ΔMD (%) = (60−MD1) / 60 × 100
ΔTD (%) = (60−TD1) / 60 × 100
The obtained ΔMD and ΔTD were substituted into the following equation to calculate MD / TD (shrinkage factor anisotropy).

  When the shrinkage rate anisotropy is large, the degree of deformation due to warping in molding increases. In general, the closer the shrinkage anisotropy is to 1, the less these problems are encountered.

<Appearance>
When the test piece used in the Haze test was visually observed and color unevenness was confirmed on the test piece, the color tone of the test piece of Comparative Example 1 could be changed without color unevenness.
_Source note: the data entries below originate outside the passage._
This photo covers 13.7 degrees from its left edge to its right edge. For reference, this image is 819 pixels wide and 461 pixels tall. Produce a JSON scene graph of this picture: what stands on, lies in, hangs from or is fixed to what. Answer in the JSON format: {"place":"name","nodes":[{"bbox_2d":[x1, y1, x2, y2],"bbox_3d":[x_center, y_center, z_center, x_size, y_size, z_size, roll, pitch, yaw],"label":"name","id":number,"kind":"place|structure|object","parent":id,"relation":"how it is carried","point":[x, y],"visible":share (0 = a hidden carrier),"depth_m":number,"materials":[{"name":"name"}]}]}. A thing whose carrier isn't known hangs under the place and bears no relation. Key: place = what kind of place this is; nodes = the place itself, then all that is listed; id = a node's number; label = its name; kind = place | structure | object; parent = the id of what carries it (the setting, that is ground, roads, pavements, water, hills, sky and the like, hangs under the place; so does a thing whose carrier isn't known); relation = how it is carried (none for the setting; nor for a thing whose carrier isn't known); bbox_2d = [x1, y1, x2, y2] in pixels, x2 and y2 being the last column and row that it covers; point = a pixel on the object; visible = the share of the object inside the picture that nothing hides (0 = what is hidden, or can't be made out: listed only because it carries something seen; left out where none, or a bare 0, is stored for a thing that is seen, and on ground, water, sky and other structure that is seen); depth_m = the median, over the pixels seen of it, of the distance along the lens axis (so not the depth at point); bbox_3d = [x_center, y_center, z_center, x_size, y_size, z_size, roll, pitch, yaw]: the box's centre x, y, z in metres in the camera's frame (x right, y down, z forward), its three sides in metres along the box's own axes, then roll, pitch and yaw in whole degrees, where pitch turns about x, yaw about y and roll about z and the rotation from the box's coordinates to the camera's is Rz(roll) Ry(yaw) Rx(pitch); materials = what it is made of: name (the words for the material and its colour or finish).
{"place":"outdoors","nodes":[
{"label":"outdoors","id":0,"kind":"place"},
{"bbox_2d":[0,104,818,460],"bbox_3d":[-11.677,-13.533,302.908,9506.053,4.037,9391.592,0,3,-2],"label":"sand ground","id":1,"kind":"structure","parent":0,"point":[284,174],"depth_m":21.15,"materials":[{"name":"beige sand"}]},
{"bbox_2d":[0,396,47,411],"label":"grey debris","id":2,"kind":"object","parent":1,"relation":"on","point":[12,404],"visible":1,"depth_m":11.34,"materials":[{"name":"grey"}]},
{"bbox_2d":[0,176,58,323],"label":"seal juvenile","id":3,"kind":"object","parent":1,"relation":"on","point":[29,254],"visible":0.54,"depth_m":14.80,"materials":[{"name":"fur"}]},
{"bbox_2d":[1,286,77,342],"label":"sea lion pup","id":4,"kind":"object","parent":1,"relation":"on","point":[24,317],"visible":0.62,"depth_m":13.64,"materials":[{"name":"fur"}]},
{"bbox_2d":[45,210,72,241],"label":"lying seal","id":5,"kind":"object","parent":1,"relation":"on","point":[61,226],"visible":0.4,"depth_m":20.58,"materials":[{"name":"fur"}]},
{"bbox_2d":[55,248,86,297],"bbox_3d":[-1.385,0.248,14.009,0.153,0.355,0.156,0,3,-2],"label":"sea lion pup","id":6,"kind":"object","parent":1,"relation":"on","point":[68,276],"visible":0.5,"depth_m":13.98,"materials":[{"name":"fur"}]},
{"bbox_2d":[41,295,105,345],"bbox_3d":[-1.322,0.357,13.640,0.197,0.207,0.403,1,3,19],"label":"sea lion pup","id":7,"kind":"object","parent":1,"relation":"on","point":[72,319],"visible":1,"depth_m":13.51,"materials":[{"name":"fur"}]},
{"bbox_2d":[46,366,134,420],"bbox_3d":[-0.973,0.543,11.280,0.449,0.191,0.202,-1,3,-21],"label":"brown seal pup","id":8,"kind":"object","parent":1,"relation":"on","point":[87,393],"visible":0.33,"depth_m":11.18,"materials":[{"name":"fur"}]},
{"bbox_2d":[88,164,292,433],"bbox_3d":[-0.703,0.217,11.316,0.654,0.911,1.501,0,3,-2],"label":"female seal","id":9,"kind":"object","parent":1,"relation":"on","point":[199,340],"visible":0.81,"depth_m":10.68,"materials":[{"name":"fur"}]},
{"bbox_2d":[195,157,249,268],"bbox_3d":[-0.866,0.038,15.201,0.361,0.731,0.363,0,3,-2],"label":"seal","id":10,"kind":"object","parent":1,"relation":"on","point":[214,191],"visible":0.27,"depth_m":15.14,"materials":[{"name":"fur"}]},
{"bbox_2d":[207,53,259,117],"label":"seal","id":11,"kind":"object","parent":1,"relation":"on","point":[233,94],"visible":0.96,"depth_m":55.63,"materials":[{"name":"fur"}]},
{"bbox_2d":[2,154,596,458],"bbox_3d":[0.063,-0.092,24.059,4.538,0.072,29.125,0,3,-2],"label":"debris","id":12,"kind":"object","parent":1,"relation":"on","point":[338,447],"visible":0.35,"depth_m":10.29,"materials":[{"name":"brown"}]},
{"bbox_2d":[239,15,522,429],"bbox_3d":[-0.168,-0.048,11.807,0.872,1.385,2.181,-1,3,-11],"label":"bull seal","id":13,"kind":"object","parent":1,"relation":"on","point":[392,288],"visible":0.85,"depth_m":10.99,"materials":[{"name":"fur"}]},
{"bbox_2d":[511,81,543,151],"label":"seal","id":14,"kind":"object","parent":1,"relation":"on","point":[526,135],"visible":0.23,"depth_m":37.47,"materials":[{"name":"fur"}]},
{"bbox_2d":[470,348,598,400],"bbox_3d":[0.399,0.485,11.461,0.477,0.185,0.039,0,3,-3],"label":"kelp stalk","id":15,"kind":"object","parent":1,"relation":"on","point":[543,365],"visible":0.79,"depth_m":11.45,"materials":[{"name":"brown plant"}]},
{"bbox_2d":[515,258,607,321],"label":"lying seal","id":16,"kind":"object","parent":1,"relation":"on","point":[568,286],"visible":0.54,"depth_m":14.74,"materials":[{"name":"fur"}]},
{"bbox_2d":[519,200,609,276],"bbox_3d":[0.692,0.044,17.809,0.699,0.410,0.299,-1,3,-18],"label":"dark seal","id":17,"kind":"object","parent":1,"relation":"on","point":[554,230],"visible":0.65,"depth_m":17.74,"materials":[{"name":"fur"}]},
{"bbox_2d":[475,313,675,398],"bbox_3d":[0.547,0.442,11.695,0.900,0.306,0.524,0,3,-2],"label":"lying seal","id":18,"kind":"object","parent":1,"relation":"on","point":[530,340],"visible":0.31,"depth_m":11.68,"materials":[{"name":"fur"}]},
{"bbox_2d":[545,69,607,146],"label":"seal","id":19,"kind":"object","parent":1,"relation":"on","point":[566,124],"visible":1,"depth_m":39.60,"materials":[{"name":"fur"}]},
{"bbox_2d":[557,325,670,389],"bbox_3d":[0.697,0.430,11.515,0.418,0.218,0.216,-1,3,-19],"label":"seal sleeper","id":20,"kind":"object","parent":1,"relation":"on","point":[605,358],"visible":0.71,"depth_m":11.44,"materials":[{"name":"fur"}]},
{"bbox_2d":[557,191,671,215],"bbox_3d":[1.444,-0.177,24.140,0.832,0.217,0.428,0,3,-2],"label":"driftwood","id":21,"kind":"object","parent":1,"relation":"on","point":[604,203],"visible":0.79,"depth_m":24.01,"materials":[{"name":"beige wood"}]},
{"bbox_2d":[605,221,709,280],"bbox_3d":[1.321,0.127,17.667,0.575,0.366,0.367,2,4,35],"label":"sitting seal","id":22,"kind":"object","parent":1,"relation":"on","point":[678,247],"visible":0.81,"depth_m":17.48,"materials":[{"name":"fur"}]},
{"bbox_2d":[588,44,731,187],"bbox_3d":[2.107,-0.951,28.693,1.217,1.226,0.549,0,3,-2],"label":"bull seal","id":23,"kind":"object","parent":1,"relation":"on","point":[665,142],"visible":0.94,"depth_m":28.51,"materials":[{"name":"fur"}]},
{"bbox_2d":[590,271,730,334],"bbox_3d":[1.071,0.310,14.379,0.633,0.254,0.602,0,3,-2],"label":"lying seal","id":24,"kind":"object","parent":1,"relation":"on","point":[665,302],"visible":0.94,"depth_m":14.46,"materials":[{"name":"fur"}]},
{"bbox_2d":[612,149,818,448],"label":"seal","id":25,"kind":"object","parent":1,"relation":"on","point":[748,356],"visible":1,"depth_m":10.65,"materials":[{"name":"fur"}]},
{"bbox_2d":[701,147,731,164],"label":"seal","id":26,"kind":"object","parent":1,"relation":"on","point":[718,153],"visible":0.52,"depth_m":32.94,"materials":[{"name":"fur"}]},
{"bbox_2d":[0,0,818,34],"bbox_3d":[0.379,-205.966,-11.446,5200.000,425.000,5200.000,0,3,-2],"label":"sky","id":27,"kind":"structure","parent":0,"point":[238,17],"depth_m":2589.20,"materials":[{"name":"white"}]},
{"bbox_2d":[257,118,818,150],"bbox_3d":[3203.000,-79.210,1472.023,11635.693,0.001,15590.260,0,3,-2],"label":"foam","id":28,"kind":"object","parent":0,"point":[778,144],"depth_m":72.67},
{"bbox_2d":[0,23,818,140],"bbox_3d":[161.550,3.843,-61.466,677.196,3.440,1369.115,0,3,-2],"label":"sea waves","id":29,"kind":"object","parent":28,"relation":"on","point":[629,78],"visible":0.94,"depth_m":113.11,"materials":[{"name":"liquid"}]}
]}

If it was, it was evaluated as “◯”.

※１：一般式（１）中のＭ^１
※２：結晶化温度

* 1: M ¹ in general formula (1)
※ 2: Crystallization temperature

Compared with the case where the nucleating agent of Comparative Example 1 was not blended, the molded product of the present invention had a nucleating agent effect, and it was confirmed that the molded product was vividly colored without color unevenness. In particular, a molded product containing a compound in which M ¹ in the general formula (1) is Co, Cu, Cr (OH), Pb, Nd (OH), Pr (OH), or La (OH) is anisotropic. A molded article having a low shrinkage ratio was obtained.

Claims (4)

  A metal salt of an alicyclic dicarboxylic acid, wherein the metal of the metal salt is a metal atom or a metal hydroxide. The metal salt of the alicyclic dicarboxylic acid is represented by the following general formula (1),

(M ¹ in general formula (1) represents Co, Cu, Ni, Mn, Pb, Nd (OH), Pr (OH), La (OH), Ce (OH), Cr (OH). The nucleating agent according to claim 1, which is a compound represented by the formula:   An olefin resin composition comprising 0.001 to 10 parts by mass of the nucleating agent according to claim 1 or 2 with respect to 100 parts by mass of the olefin resin. A molded product comprising the olefin resin composition according to claim 3.